Dirty's Financial plan
* In 1970's a financial crisis led to the necessary reduction of plastic utensils in public school cafeterias, thus the invention of the spork --
half-spoon and half-fork.
Now, to further reduce the burdensome cost of educating and feeding our freeloading children, we should enact cost-cutting measures to combine the spork with the Calculator and Protractor, creating The Sporktractulator:
* U.S. Secretary of State Condoleezza Rice has a gap in her teeth but because the Government is strapped for cash, I say we should DENY her request for braces!
* Those darn Homeless People have it waaaaay too good! Here's how the U.S. Government can save some cash... Homeless people to get 30% less J on their free PB&J sandwiches!
* Here's how we can save over $1 Billion. Stop searching for Usama bin Laden. Obviously we can't find him.
And if we do, so what? What will we do? Hold a trial? Boooooring! What's happened has happened and that scum-sucking jerk-face jerk-a-zoid will probably die soon on his own -- so what we should is switch the funds that are being used to find Usama to find something more exciting... Big Foot.

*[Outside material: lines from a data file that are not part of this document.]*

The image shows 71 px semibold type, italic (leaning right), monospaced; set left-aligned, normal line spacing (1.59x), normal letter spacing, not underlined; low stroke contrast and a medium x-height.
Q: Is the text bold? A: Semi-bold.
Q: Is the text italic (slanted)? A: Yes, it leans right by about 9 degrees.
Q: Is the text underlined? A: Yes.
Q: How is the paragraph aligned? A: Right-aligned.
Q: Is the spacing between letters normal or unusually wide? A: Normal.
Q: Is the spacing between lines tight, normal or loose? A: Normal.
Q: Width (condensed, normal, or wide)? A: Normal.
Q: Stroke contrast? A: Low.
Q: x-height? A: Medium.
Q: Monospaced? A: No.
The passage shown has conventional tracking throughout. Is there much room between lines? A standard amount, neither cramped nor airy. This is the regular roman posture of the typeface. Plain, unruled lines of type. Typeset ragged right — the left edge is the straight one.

Then once we catch him, we can make a Big Foot Tour and charge money for tickets!
* OK, this one is a no-brainer to save money... Effective immediately, all calls to foreign heads of state must be made after 9 pm or on weekends.

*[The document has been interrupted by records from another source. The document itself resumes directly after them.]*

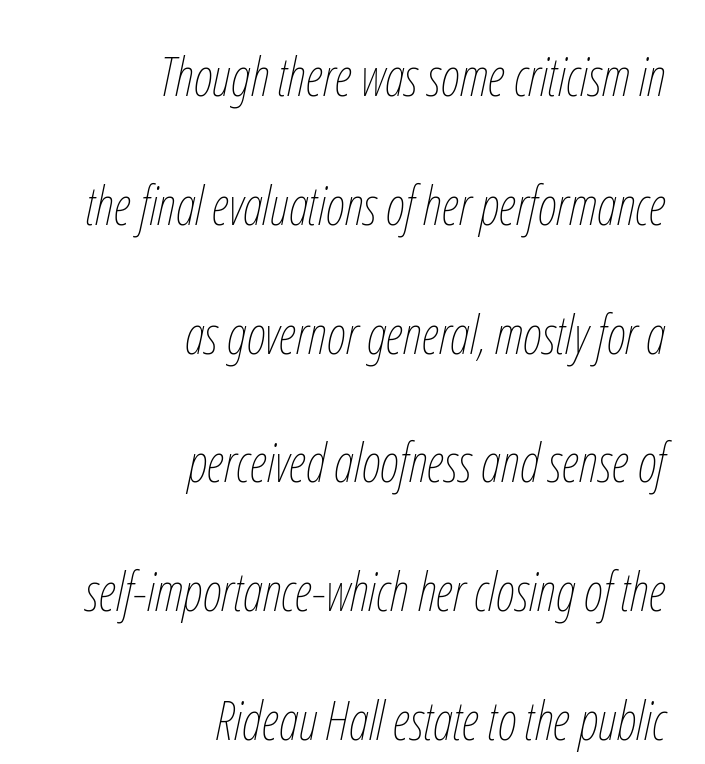
This sample uses plain, unmodified letter spacing. The letters are slanted; this is an italic face. Students, observe: this is what heavily led, spacious text looks like. Bold? No — there's no thickening of the strokes. Character widths vary here, with narrow letters taking less room than wide ones.
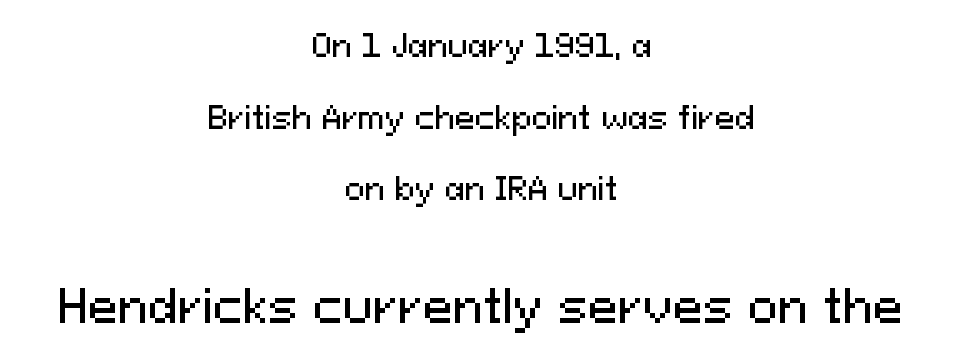
Q: Is the text italic (slanted)? A: No, it is upright.
Q: Is the typeface a serif or a sans-serif typeface? A: Sans-serif.
Q: Is the text underlined? A: No.
Q: How is the paragraph aligned? A: Centered.
Q: Is the spacing between letters normal or unusually wide? A: Normal.
Q: Is the spacing between lines tight, normal or loose? A: Loose.
Q: Which block of text is set in a larger size, the first (top) or the second (bottom)? A: The second (bottom) one.
Q: Width (condensed, normal, or wide)? A: Normal.
Q: Stroke contrast? A: Medium.
Q: x-height? A: Medium.
Q: Monospaced? A: No.
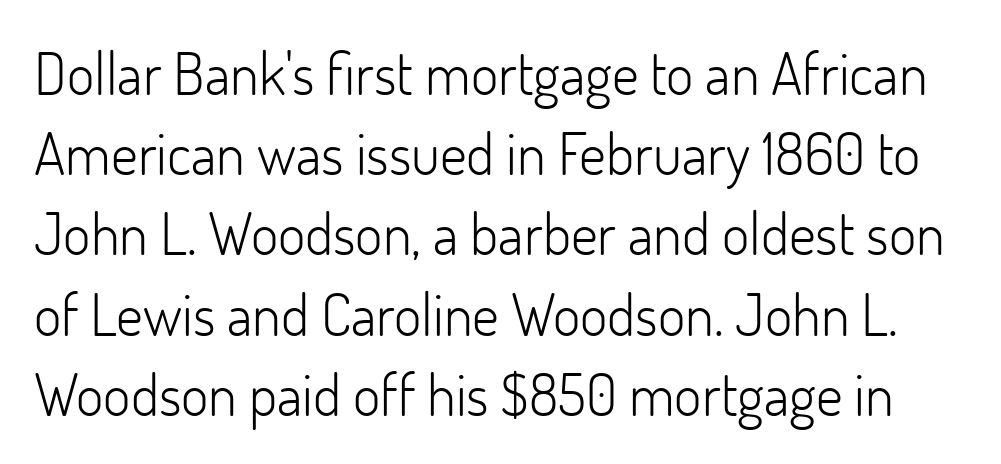
{"serif": "no", "italic": "no", "bold": "no", "weight": "light", "width": "normal", "stroke_contrast": "low", "x_height": "small", "monospaced": "no", "underline": "no", "line_spacing": "normal", "line_spacing_ratio": 1.36, "letter_spacing": "normal", "letter_spacing_em": 0.0, "glyph_px": 59}
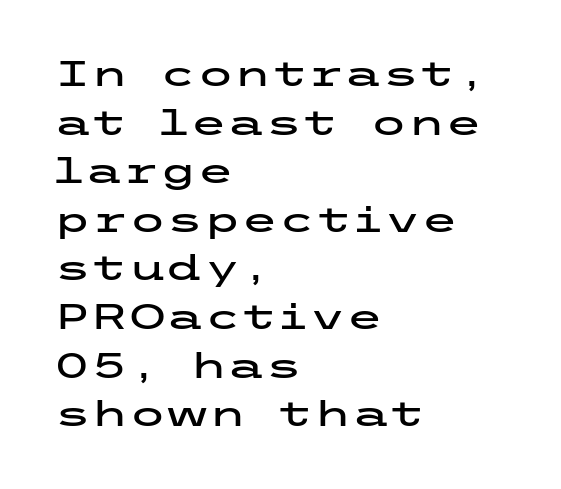
The image shows 34 px wide sans-serif type, upright; set left-aligned, normal line spacing (1.43x), normal letter spacing, not underlined; low stroke contrast and a medium x-height.

* Everyone takes the right to vote for granted. So now to encourage participation in our democratic system AND spur the economy... Everyone who votes will receive a coupon for a 1/2-price sandwich at Subway!

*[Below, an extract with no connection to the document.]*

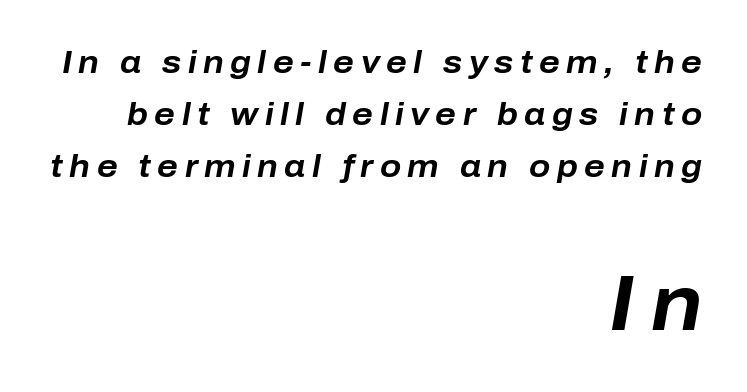
{"italic": "yes", "lean": "right", "slant_degrees": 10, "bold": "yes", "weight": "bold", "width": "normal", "stroke_contrast": "low", "x_height": "medium", "monospaced": "no", "underline": "no", "align": "right", "line_spacing": "normal", "line_spacing_ratio": 1.67, "letter_spacing": "wide", "letter_spacing_em": 0.21, "larger_block": "second", "size_ratio": 2.48, "glyph_px": 77}
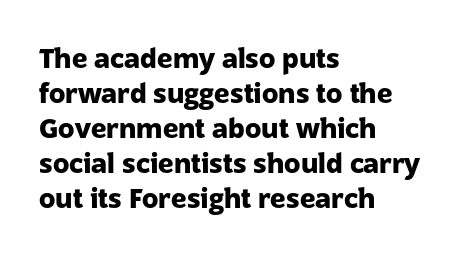
Is there much room between lines? A standard amount, neither cramped nor airy. Emphasis by weight is at full strength: bold. Each word holds together tightly as a unit, with standard inter-letter gaps. Rule under the text: the space is simply empty. Style check: upright. Does the copy run flush right? No — it runs flush left.

* New source of tax revenue! The Government should finally give-in and legalize marijuana so it can profitably tax the sale of this popular and mostly harmless drug. Pfizer will be purchase the rights to sell it exclusively and market it as the anti-anxiety pharmaceutical ---- Splifficor. Or call it, hmm, how about... Xanadoobie.
In a related move, potato chips, pizza and cookies will be taxed higher after 10 pm.
Last but not least we take all the Illegal immigrants make them American citizen,inlist them in the army and make them invade mexico.